Coverage is limited to web applications; while the authors argue this constitutes a "lower-bound test," challenges in desktop, mobile, and backend applications may differ substantially.
The benchmark scale of 46 projects is constrained by the high cost of repository-level benchmark construction.
CI/CD integration and deep backend verification are excluded in favor of browser-automation-based black-box testing.
Future work may extend the benchmark into a continuously updated public leaderboard supporting longitudinal evaluation.

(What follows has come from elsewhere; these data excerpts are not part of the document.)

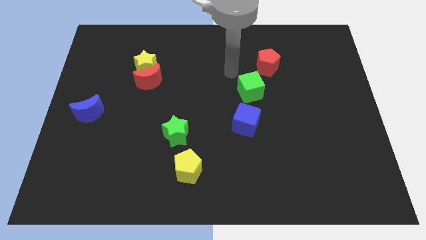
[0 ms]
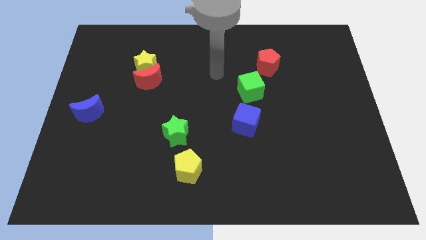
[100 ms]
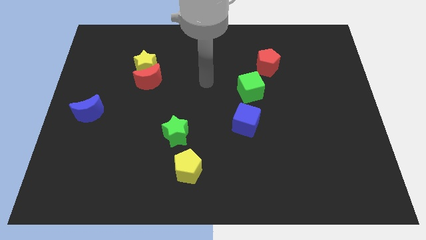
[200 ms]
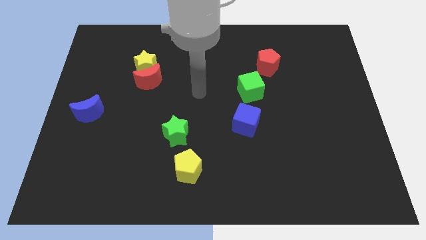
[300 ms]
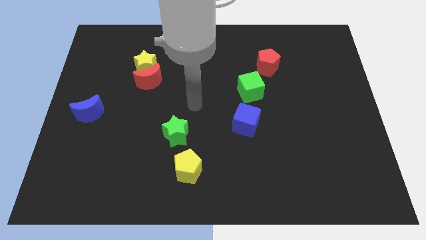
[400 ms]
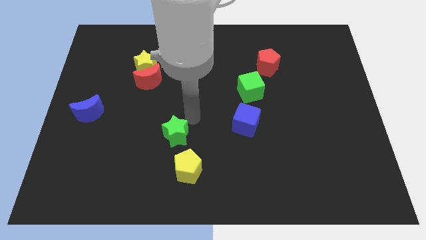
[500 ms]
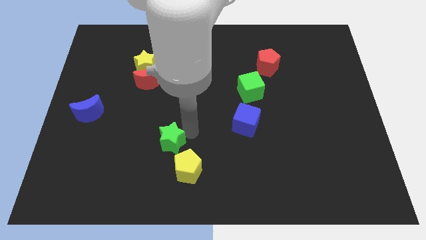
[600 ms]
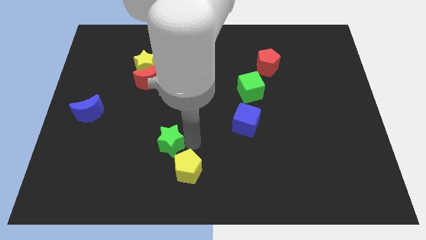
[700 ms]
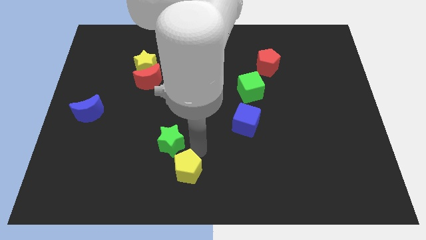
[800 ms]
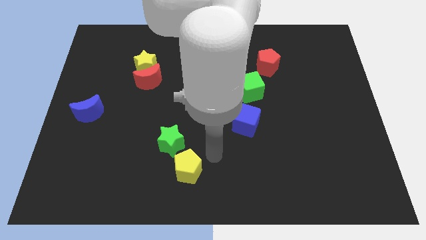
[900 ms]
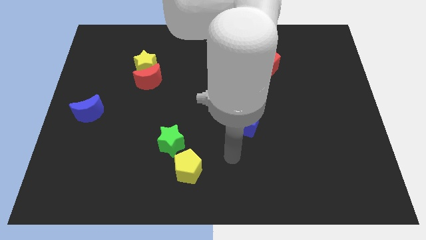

vs. rSDE-Bench: rSDE-Bench uses function-level unit tests to verify outputs; E2EDev uses BDD tests to verify behavior from a user perspective, at a granularity more aligned with real usage scenarios.
vs. SoftwareDev/SRDD: These rely on vague descriptions and human evaluation; E2EDev provides fine-grained requirements and automated deterministic assessment.
vs. Mle-Bench/GitTaskBench: These focus on ML pipelines and repository operations, respectively; E2EDev targets the complete pipeline from requirements to executable projects.

Rating¶

Novelty: ⭐⭐⭐⭐ Introducing BDD into LLM E2ESD evaluation is a meaningful contribution, though the benchmark construction methodology itself is relatively straightforward.
Experimental Thoroughness: ⭐⭐⭐⭐⭐ Covers 6 LLM backbones × 6 frameworks with additional manual failure mode analysis — highly comprehensive.
Writing Quality: ⭐⭐⭐⭐ Well-structured with intuitive figures and in-depth analysis.
Value: ⭐⭐⭐⭐ Fills a gap in reliable E2ESD evaluation; failure mode analysis provides direct guidance for framework design.